» Records drawn from a dataset:
Segment Open

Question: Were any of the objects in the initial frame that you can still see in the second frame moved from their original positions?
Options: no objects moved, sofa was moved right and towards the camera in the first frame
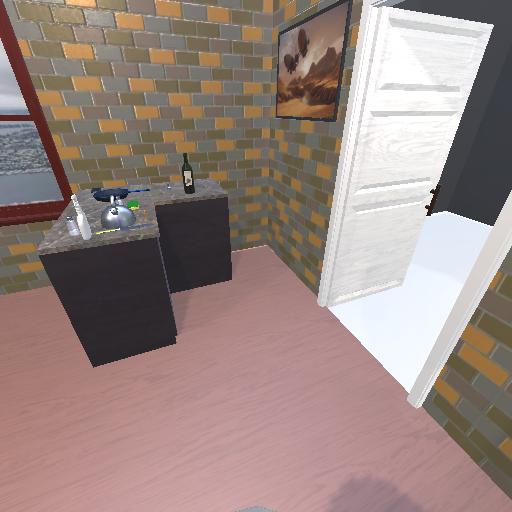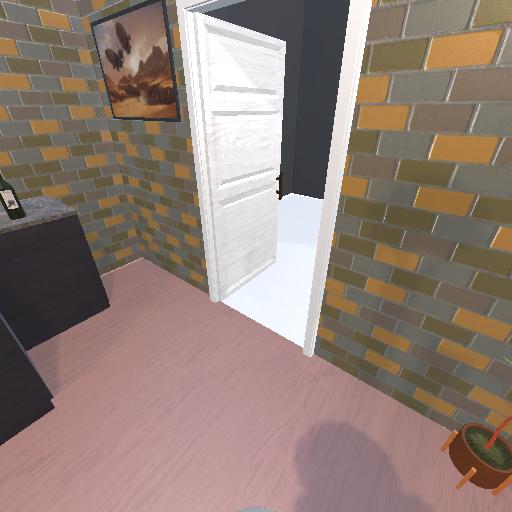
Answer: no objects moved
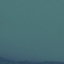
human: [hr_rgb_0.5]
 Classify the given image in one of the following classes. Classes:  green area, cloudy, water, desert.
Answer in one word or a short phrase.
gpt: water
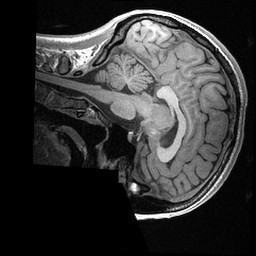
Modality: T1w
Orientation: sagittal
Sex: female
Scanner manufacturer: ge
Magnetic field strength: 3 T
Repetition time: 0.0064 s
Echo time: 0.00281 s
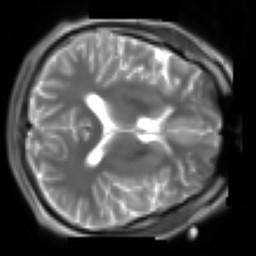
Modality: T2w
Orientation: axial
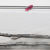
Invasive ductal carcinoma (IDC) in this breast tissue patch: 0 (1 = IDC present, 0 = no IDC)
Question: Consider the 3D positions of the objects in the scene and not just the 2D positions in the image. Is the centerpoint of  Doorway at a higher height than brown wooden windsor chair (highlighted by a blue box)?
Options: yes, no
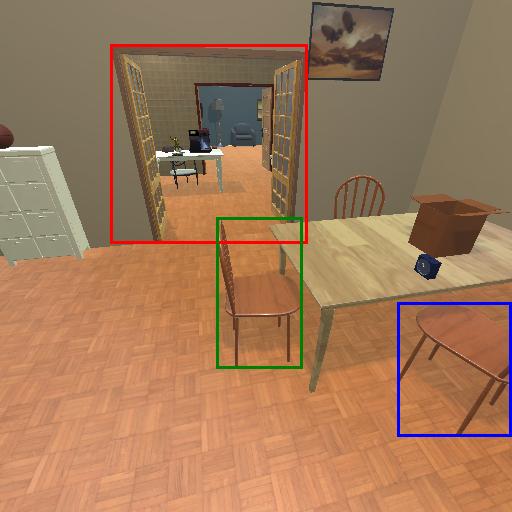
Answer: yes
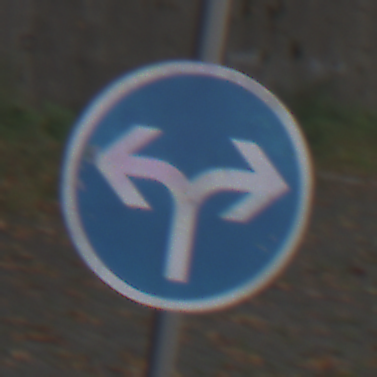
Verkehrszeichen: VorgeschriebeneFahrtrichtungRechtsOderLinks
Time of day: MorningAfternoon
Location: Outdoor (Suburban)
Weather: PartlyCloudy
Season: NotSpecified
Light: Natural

Segment Closed
Segment Open

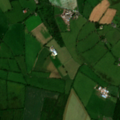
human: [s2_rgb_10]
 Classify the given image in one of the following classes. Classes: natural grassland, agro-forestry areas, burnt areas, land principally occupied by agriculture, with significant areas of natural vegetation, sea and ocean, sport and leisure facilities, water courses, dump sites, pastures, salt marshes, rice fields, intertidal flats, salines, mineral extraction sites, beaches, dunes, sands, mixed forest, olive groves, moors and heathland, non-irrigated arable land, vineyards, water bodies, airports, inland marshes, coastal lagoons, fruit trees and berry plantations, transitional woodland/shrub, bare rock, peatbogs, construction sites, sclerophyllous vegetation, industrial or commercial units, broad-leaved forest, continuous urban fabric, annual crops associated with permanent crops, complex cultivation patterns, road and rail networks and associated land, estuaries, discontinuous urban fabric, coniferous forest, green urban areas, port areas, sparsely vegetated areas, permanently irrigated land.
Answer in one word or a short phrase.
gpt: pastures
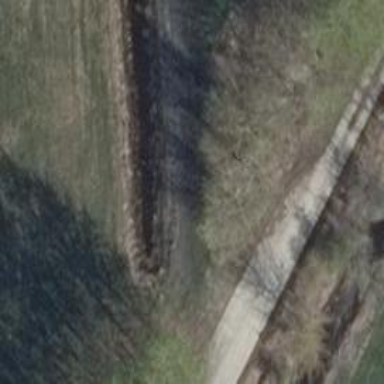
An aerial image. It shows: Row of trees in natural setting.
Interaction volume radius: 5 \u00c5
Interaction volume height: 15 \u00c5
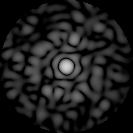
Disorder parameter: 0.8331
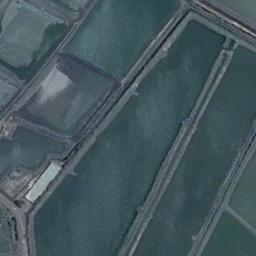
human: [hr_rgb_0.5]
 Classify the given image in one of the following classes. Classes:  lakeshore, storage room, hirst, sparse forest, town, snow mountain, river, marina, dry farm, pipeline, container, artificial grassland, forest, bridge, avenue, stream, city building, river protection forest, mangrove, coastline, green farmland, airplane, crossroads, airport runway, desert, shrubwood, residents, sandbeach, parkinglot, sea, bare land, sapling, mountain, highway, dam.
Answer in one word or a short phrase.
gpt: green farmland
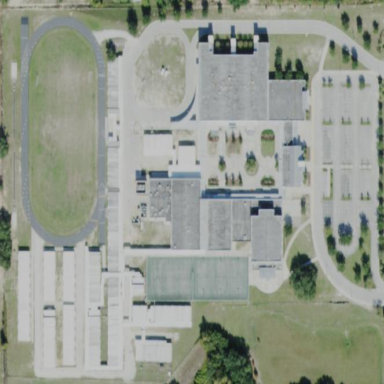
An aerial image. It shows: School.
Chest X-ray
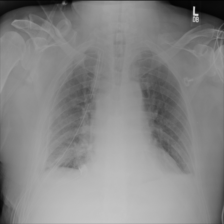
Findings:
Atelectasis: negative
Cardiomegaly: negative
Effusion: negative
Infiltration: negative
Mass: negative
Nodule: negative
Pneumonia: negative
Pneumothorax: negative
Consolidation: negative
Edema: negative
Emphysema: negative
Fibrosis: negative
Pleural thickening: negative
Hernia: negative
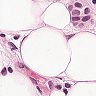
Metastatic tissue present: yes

Segment Closed

Among the records above, locate the line containing "Answer: no objects moved" and the line containing "Light: Natural", then transcribe exactly the lines starting at the first and ending at the second, with no pictures.

» Finished task:
Answer: no objects moved
human: [hr_rgb_0.5]
 Classify the given image in one of the following classes. Classes:  green area, cloudy, water, desert.
Answer in one word or a short phrase.
gpt: water
Modality: T1w
Orientation: sagittal
Sex: female
Scanner manufacturer: ge
Magnetic field strength: 3 T
Repetition time: 0.0064 s
Echo time: 0.00281 s
Modality: T2w
Orientation: axial
Invasive ductal carcinoma (IDC) in this breast tissue patch: 0 (1 = IDC present, 0 = no IDC)
Question: Consider the 3D positions of the objects in the scene and not just the 2D positions in the image. Is the centerpoint of  Doorway at a higher height than brown wooden windsor chair (highlighted by a blue box)?
Options: yes, no
Answer: yes
Verkehrszeichen: VorgeschriebeneFahrtrichtungRechtsOderLinks
Time of day: MorningAfternoon
Location: Outdoor (Suburban)
Weather: PartlyCloudy
Season: NotSpecified
Light: Natural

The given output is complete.